Как грубо сказал ему в тот день в тюрьме Тристрам Фокс, он не обладал познаниями в историографии, не имел представления о цикле. Юный Оксенфорд, ведя машину, кивал без особого убеждения. Он был сыт по горло; поездка выдалась поганая. Полицейский паек скудный, в желудке у него урчало. Ядерный мотор фургона Поппола несколько раз сбоил, а механиком-ядерщиком Оксенфорд не был. Выезжая из Честера, он ошибся дорогой и радостно пер на запад (дело было вечером, а он к тому же не астронавигатор), обнаружив ошибку только в Долгелли (столбы с указателями выкопали на растопку). В Молвиде, на Уэлшпул-роуд, мужчины и женщины с живой веселой речью и с лицами чудотворцев остановили их. Этих людей очаровали близнецы Беатрис-Джоанны («до чего хорошенькие»), но враждебно настроили высокомерные манеры и дрожащий пистолет сержанта Имиджа.

— Чудной бедняга педик, — говорили они, нежными пальцами забирая у него оружие. — Вареный хорош будет, — кивали они, ощупывая мягкие суставы, когда его раздевали. Они также взяли форму капитана Лузли и юного Оксенфорда, приговаривая: — Очень даже пригодится для армии. Очень даже кстати. — Глядя, как эти двое трясутся в нижнем белье, сказали: — Ну, жалко. Кто знает, где взять оберточную бумагу, грудь им прикрыть? — Никто не знал. — Мы с вами хорошо обошлись, — сказали они наконец, — вон из-за той, что сидит позади, ясно? Игра по-честному. — И проводили их, помахав руками. Сержант Имидж громко протестовал против предательства, дергаясь в хватке сильных мясников.

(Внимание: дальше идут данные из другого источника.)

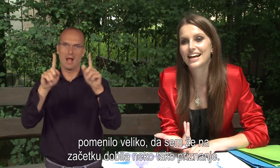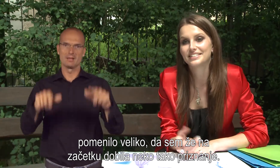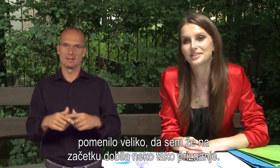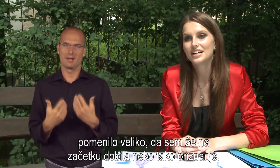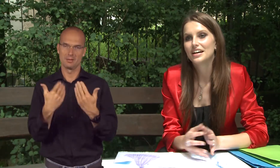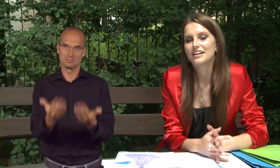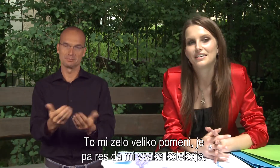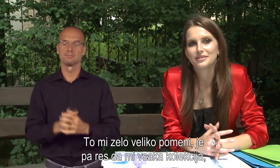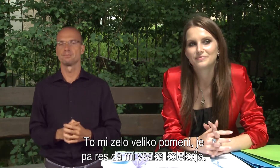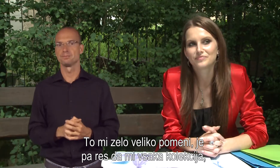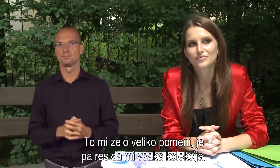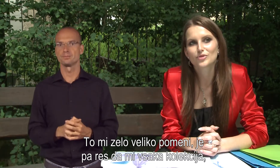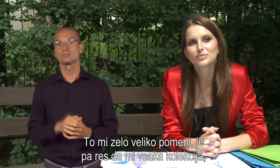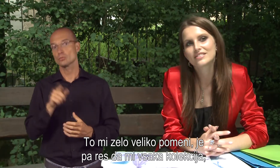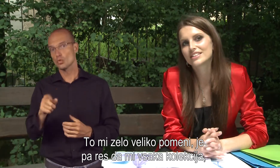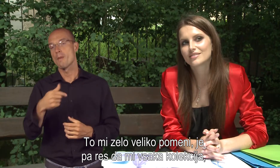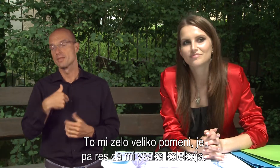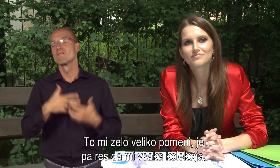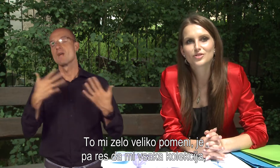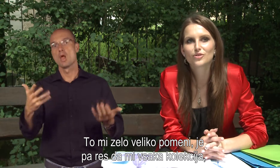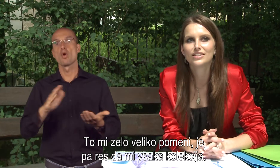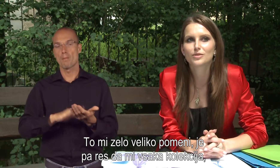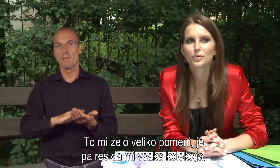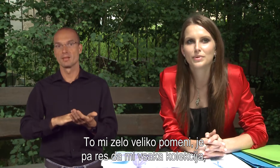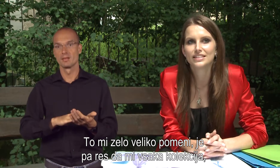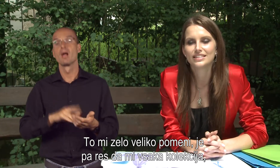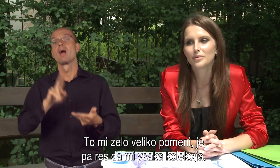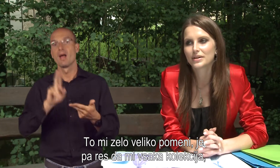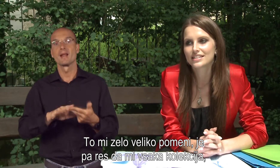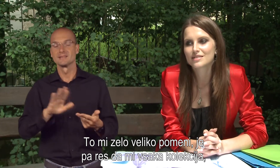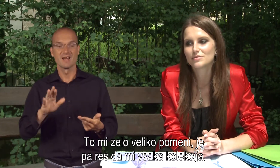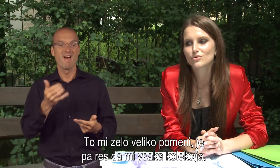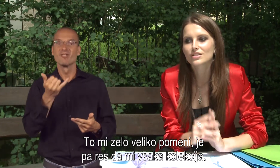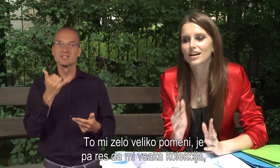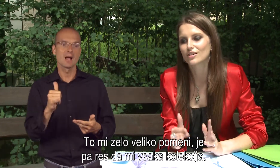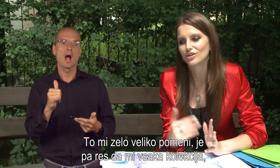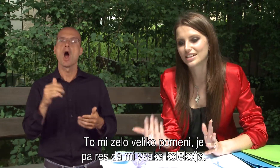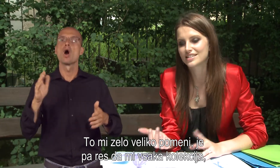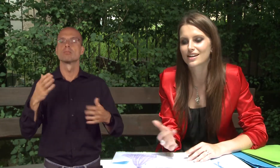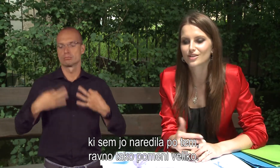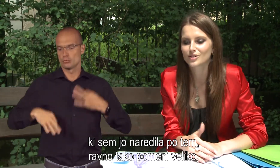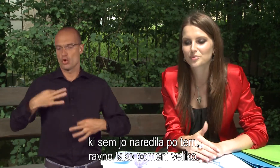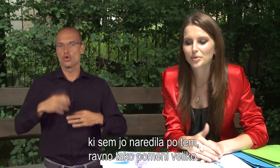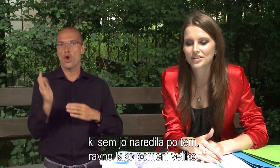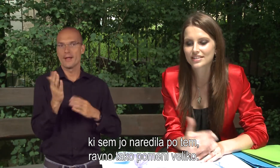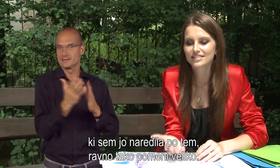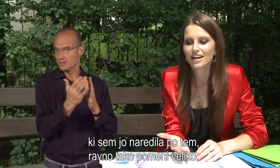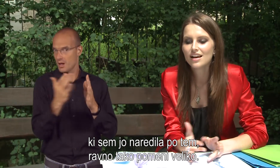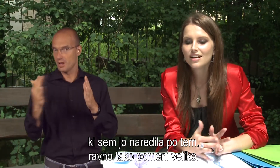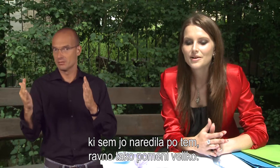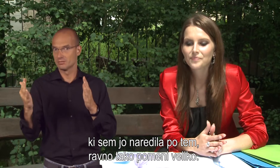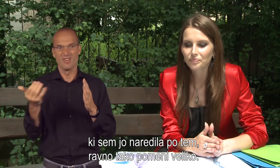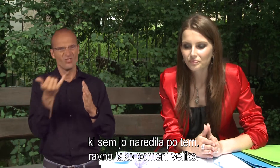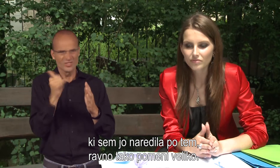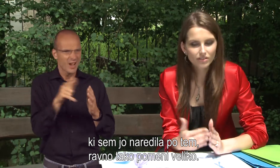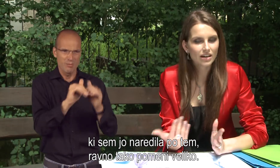priznanje. To mi seveda zelo veliko pomeni. Je pa res, da mi vsaka kolekcija, ki jo sem naredila,

Возможно, люди из Молвида, отобрав форму, спасли им жизнь, но капитан Лузли был слишком глуп, чтобы это понять. Что касается Беатрис-Джоанны, единственной ее заботой оставались малыши. Она боялась городов и деревень с кострами и с лицами, от души евшими мясо, с лицами, дружелюбно улыбавшимися при виде ее спящей парочки. Улыбки и слова восхищения казались ей двусмысленными: вместо агуканья вскоре вполне могли зачмокать губы. Какая бы официальная судьба ни поджидала ее в столице, разумеется, до текнофагии ведь она не опустится? Тревожась за малышей, Беатрис-Джоанна забыла о голоде, но недоедание громко отзывалось на качестве и количестве молока. Время от времени ее невольно тянуло к жареным или вареным запахам, когда они быстро ехали через какой-нибудь город; а когда фургон останавливала хватка мясистых рук и любопытные взоры рассматривали пару в нижнем белье, ее с близнецами на груди, чувствовала тошноту при мысли о том, что там жарилось и кипело. Но почему? Первичным было чувство, чувство не протестовало, это в дело вступал великий извечный предатель — мысль.